Because all of the claims of ineffective assistance of trial counsel are meritless, the state court's decision so holding was not contrary to or an unreasonable application of clearly established federal law. See 28 U.S.C. § 2254(d).

3. Claims of Ineffective Assistance of Appellate Counsel

In his first letter seeking leave to appeal to the Court of Appeals, Brown claimed that his appellate counsel was ineffective. See Aff. in Support at 2-3. Brown did not exhaust this claim, however, by submitting a coram nobis application to the Appellate Division -- an application that was a specific condition of the existence of the stay contained in this Court's April 15 Order. See April 15 Order at 1-3. The order informed Brown that "[c]laims alleging ineffective assistance of appellate counsel must be presented to the Appellate Division through an application for writ of coram nobis," and gave a May 27, 2005, deadline for presenting such claims. See April 15 Order at 1-2; see generally Zarvela v. Artuz, 254 F.3d 374, 381 (2d Cir.), cert. denied, 534 U.S. 1015 (2001). While the Order at one point makes reference to Brown filing "either" an application for section 440.10 relief "or" a coram nobis application, id. at 2, any confusion on this score was eliminated after Brown sent a letter stating that he had submitted a motion to vacate his conviction under section 440.10. In endorsing that letter, which made no reference to an application for a writ of error coram nobis, the Court stated that "if no application for writ of error coram nobis is made to the Appellate Division by May 27, 2005, any such claim in the petition will be deemed withdrawn." See May 11 Order. Because Brown did not file a coram nobis application by May 27, 2005, the claim of ineffective assistance of appellate counsel should be deemed withdrawn.*fn3

In any event, the claim would have to be denied since Brown has not identified any claims of merit with respect to the conduct of his trial proceedings. Obviously, "[t]he failure to include a meritless argument [on appeal] does not fall outside the 'wide range of professionally competent assistance' to which Petitioner was entitled." Aparicio, 269 F.3d at 99.
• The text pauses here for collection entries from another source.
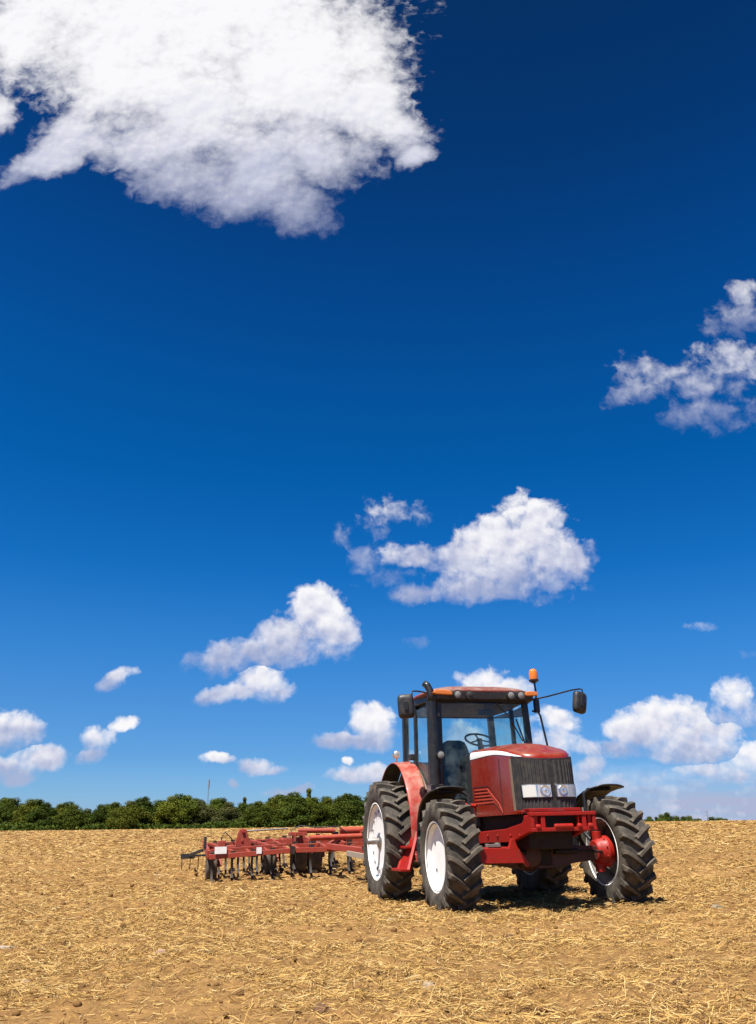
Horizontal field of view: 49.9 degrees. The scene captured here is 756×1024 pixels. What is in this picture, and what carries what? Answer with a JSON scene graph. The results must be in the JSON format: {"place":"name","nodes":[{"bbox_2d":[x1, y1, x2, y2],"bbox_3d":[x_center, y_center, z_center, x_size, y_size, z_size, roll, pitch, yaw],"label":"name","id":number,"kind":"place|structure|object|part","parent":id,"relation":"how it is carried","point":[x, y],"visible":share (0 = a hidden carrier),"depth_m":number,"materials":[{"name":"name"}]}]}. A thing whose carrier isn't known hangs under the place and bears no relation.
{"place":"outdoors","nodes":[
{"label":"outdoors","id":0,"kind":"place"},
{"bbox_2d":[0,821,755,1023],"bbox_3d":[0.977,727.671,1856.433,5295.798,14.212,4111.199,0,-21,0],"label":"field","id":1,"kind":"structure","parent":0,"point":[55,1016],"depth_m":6.89,"materials":[{"name":"soil"}]},
{"bbox_2d":[0,797,11,818],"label":"tree","id":2,"kind":"object","parent":1,"relation":"on","point":[5,800],"visible":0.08,"depth_m":179.25,"materials":[{"name":"green plant"}]},
{"bbox_2d":[0,801,16,822],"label":"tree","id":3,"kind":"object","parent":1,"relation":"on","point":[7,816],"visible":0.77,"depth_m":160.21,"materials":[{"name":"green plant"}]},
{"bbox_2d":[0,797,25,820],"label":"tree","id":4,"kind":"object","parent":1,"relation":"on","point":[12,805],"visible":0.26,"depth_m":165.46,"materials":[{"name":"green plant"}]},
{"bbox_2d":[7,798,41,823],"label":"tree","id":5,"kind":"object","parent":1,"relation":"on","point":[23,811],"visible":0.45,"depth_m":160.20,"materials":[{"name":"green plant"}]},
{"bbox_2d":[26,798,44,806],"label":"tree","id":6,"kind":"object","parent":1,"relation":"on","point":[38,802],"visible":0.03,"depth_m":175.51,"materials":[{"name":"green plant"}]},
{"bbox_2d":[23,802,60,827],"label":"tree","id":7,"kind":"object","parent":1,"relation":"on","point":[43,810],"visible":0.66,"depth_m":157.96,"materials":[{"name":"green plant"}]},
{"bbox_2d":[38,803,70,828],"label":"tree","id":8,"kind":"object","parent":1,"relation":"on","point":[61,808],"visible":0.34,"depth_m":161.45,"materials":[{"name":"green plant"}]},
{"bbox_2d":[50,804,93,829],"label":"tree","id":9,"kind":"object","parent":1,"relation":"on","point":[76,815],"visible":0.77,"depth_m":155.55,"materials":[{"name":"green plant"}]},
{"bbox_2d":[63,801,83,823],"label":"tree","id":10,"kind":"object","parent":1,"relation":"on","point":[67,803],"visible":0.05,"depth_m":177.69,"materials":[{"name":"green plant"}]},
{"bbox_2d":[81,808,96,827],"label":"tree","id":11,"kind":"object","parent":1,"relation":"on","point":[87,811],"visible":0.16,"depth_m":160.53,"materials":[{"name":"green plant"}]},
{"bbox_2d":[85,804,113,828],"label":"tree","id":12,"kind":"object","parent":1,"relation":"on","point":[100,812],"visible":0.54,"depth_m":158.89,"materials":[{"name":"green plant"}]},
{"bbox_2d":[95,802,121,823],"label":"tree","id":13,"kind":"object","parent":1,"relation":"on","point":[113,806],"visible":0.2,"depth_m":163.05,"materials":[{"name":"green plant"}]},
{"bbox_2d":[105,800,152,829],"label":"tree","id":14,"kind":"object","parent":1,"relation":"on","point":[125,817],"visible":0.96,"depth_m":155.16,"materials":[{"name":"green plant"}]},
{"bbox_2d":[126,796,157,826],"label":"tree","id":15,"kind":"object","parent":1,"relation":"on","point":[146,803],"visible":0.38,"depth_m":159.27,"materials":[{"name":"green plant"}]},
{"bbox_2d":[145,799,172,823],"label":"tree","id":16,"kind":"object","parent":1,"relation":"on","point":[156,803],"visible":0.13,"depth_m":163.04,"materials":[{"name":"green plant"}]},
{"bbox_2d":[149,795,194,828],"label":"tree","id":17,"kind":"object","parent":1,"relation":"on","point":[166,810],"visible":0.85,"depth_m":157.72,"materials":[{"name":"green plant"}]},
{"bbox_2d":[174,793,184,801],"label":"tree","id":18,"kind":"object","parent":1,"relation":"on","point":[179,797],"visible":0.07,"depth_m":177.33,"materials":[{"name":"green plant"}]},
{"bbox_2d":[0,818,363,830],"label":"undergrowth","id":19,"kind":"object","parent":1,"relation":"on","point":[8,826],"visible":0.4,"depth_m":154.16,"materials":[{"name":"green plant"}]},
{"bbox_2d":[158,795,208,824],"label":"tree","id":20,"kind":"object","parent":1,"relation":"on","point":[187,802],"visible":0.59,"depth_m":160.06,"materials":[{"name":"green plant"}]},
{"bbox_2d":[175,799,217,824],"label":"tree","id":21,"kind":"object","parent":1,"relation":"on","point":[201,802],"visible":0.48,"depth_m":160.25,"materials":[{"name":"green plant"}]},
{"bbox_2d":[191,798,227,824],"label":"tree","id":22,"kind":"object","parent":1,"relation":"on","point":[215,804],"visible":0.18,"depth_m":164.93,"materials":[{"name":"green plant"}]},
{"bbox_2d":[218,797,229,805],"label":"tree","id":23,"kind":"object","parent":1,"relation":"on","point":[224,800],"visible":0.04,"depth_m":174.91,"materials":[{"name":"green plant"}]},
{"bbox_2d":[206,802,245,824],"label":"tree","id":24,"kind":"object","parent":1,"relation":"on","point":[229,809],"visible":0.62,"depth_m":159.41,"materials":[{"name":"green plant"}]},
{"bbox_2d":[229,802,248,824],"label":"tree","id":25,"kind":"object","parent":1,"relation":"on","point":[243,806],"visible":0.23,"depth_m":162.51,"materials":[{"name":"green plant"}]},
{"bbox_2d":[240,801,277,827],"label":"tree","id":26,"kind":"object","parent":1,"relation":"on","point":[256,811],"visible":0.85,"depth_m":155.41,"materials":[{"name":"green plant"}]},
{"bbox_2d":[260,797,285,827],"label":"tree","id":27,"kind":"object","parent":1,"relation":"on","point":[271,802],"visible":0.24,"depth_m":160.98,"materials":[{"name":"green plant"}]},
{"bbox_2d":[265,793,283,803],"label":"tree","id":28,"kind":"object","parent":1,"relation":"on","point":[278,796],"visible":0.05,"depth_m":178.24,"materials":[{"name":"green plant"}]},
{"bbox_2d":[270,794,294,819],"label":"tree","id":29,"kind":"object","parent":1,"relation":"on","point":[286,800],"visible":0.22,"depth_m":161.43,"materials":[{"name":"green plant"}]},
{"bbox_2d":[283,792,301,802],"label":"tree","id":30,"kind":"object","parent":1,"relation":"on","point":[297,794],"visible":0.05,"depth_m":180.04,"materials":[{"name":"green plant"}]},
{"bbox_2d":[278,796,319,826],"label":"tree","id":31,"kind":"object","parent":1,"relation":"on","point":[287,813],"visible":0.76,"depth_m":154.99,"materials":[{"name":"green plant"}]},
{"bbox_2d":[305,788,311,802],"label":"tree","id":32,"kind":"object","parent":1,"relation":"on","point":[308,795],"visible":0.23,"depth_m":169.85,"materials":[{"name":"green plant"}]},
{"bbox_2d":[293,797,334,826],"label":"tree","id":33,"kind":"object","parent":1,"relation":"on","point":[316,806],"visible":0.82,"depth_m":155.67,"materials":[{"name":"green plant"}]},
{"bbox_2d":[313,1003,329,1013],"bbox_3d":[-0.314,2.788,4.538,0.100,0.076,0.092,0,-21,0],"label":"clod","id":34,"kind":"object","parent":1,"relation":"on","point":[320,1008],"visible":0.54,"depth_m":4.52,"materials":[{"name":"soil"}]},
{"bbox_2d":[315,797,339,820],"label":"tree","id":35,"kind":"object","parent":1,"relation":"on","point":[328,801],"visible":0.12,"depth_m":161.39,"materials":[{"name":"green plant"}]},
{"bbox_2d":[181,825,493,881],"bbox_3d":[0.091,7.459,17.765,8.400,1.261,8.348,4,-22,-14],"label":"cultivator","id":36,"kind":"object","parent":1,"relation":"on","point":[305,851],"visible":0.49,"depth_m":18.50,"materials":[{"name":"red paint"}]},
{"bbox_2d":[333,793,351,802],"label":"tree","id":37,"kind":"object","parent":1,"relation":"on","point":[349,795],"visible":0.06,"depth_m":176.23,"materials":[{"name":"green plant"}]},
{"bbox_2d":[325,795,360,824],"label":"tree","id":38,"kind":"object","parent":1,"relation":"on","point":[340,802],"visible":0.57,"depth_m":158.00,"materials":[{"name":"green plant"}]},
{"bbox_2d":[333,795,366,825],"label":"tree","id":39,"kind":"object","parent":1,"relation":"on","point":[355,800],"visible":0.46,"depth_m":159.48,"materials":[{"name":"green plant"}]},
{"bbox_2d":[0,851,753,1023],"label":"soil clods","id":40,"kind":"object","parent":1,"relation":"on","point":[77,1003],"visible":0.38,"depth_m":7.87,"materials":[{"name":"brown soil"}]},
{"bbox_2d":[0,820,755,1023],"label":"straw","id":41,"kind":"object","parent":1,"relation":"on","point":[305,915],"visible":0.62,"depth_m":7.92,"materials":[{"name":"beige plant"}]},
{"bbox_2d":[422,981,435,990],"bbox_3d":[0.325,3.046,5.179,0.096,0.090,0.087,0,-21,0],"label":"stone","id":42,"kind":"object","parent":1,"relation":"on","point":[427,985],"visible":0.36,"depth_m":5.17,"materials":[{"name":"beige stone"}]},
{"bbox_2d":[362,669,657,912],"bbox_3d":[1.734,4.086,12.321,3.365,3.394,4.977,4,-22,-14],"label":"tractor","id":43,"kind":"object","parent":1,"relation":"on","point":[456,815],"visible":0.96,"depth_m":10.85,"materials":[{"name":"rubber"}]},
{"bbox_3d":[2.134,4.041,13.785,0.055,1.179,0.714,7,-22,-18],"label":"rear side window","id":44,"kind":"part","parent":43,"relation":"part of","materials":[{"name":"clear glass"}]},
{"bbox_3d":[2.332,3.848,12.999,0.093,1.407,0.796,2,-21,-6],"label":"door window","id":45,"kind":"part","parent":43,"relation":"part of","materials":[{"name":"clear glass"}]},
{"bbox_2d":[643,816,655,821],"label":"tree","id":46,"kind":"object","parent":1,"relation":"on","point":[649,818],"visible":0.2,"depth_m":308.02,"materials":[{"name":"green plant"}]},
{"bbox_2d":[654,814,666,820],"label":"tree","id":47,"kind":"object","parent":1,"relation":"on","point":[660,817],"visible":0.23,"depth_m":307.95,"materials":[{"name":"green plant"}]},
{"bbox_2d":[664,812,675,820],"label":"tree","id":48,"kind":"object","parent":1,"relation":"on","point":[667,817],"visible":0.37,"depth_m":307.77,"materials":[{"name":"green plant"}]},
{"bbox_2d":[672,815,682,820],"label":"tree","id":49,"kind":"object","parent":1,"relation":"on","point":[677,818],"visible":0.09,"depth_m":308.06,"materials":[{"name":"green plant"}]},
{"bbox_2d":[672,978,685,984],"bbox_3d":[1.903,2.978,5.125,0.088,0.060,0.076,0,-21,0],"label":"clod","id":50,"kind":"object","parent":1,"relation":"on","point":[676,981],"visible":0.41,"depth_m":5.12,"materials":[{"name":"soil"}]},
{"bbox_2d":[683,815,698,820],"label":"tree","id":51,"kind":"object","parent":1,"relation":"on","point":[688,817],"visible":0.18,"depth_m":307.82,"materials":[{"name":"green plant"}]},
{"bbox_2d":[704,816,718,820],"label":"tree","id":52,"kind":"object","parent":1,"relation":"on","point":[712,818],"visible":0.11,"depth_m":308.13,"materials":[{"name":"green plant"}]},
{"bbox_2d":[0,0,755,820],"label":"sky","id":53,"kind":"structure","parent":0,"point":[355,355],"materials":[{"name":"blue"}]}
]}

For the foregoing reasons, Brown's petition should be denied.


Pursuant to 28 U.S.C. § 636(b)(1) and Rule 72(b) of the Federal Rules of Civil Procedure, the parties have ten (10) days from service of this Report and Recommendation to serve and file any objections. See also Fed. R. Civ. P. 6(a), (e). Such objections (and any responses to objections) shall be filed with the Clerk of the Court, with copies sent to the Hon. Paul A. Crotty at 40 Centre Street, New York, New York 10007, and to the undersigned at the same address. Any request for an extension of time to file objections must be directed to Judge Crotty. If a party fails to file timely objections, that party will not be permitted to raise any objections to this Report and Recommendation on appeal. See Thomas v. Arn, 474 U.S. 140, 144-45 (1985).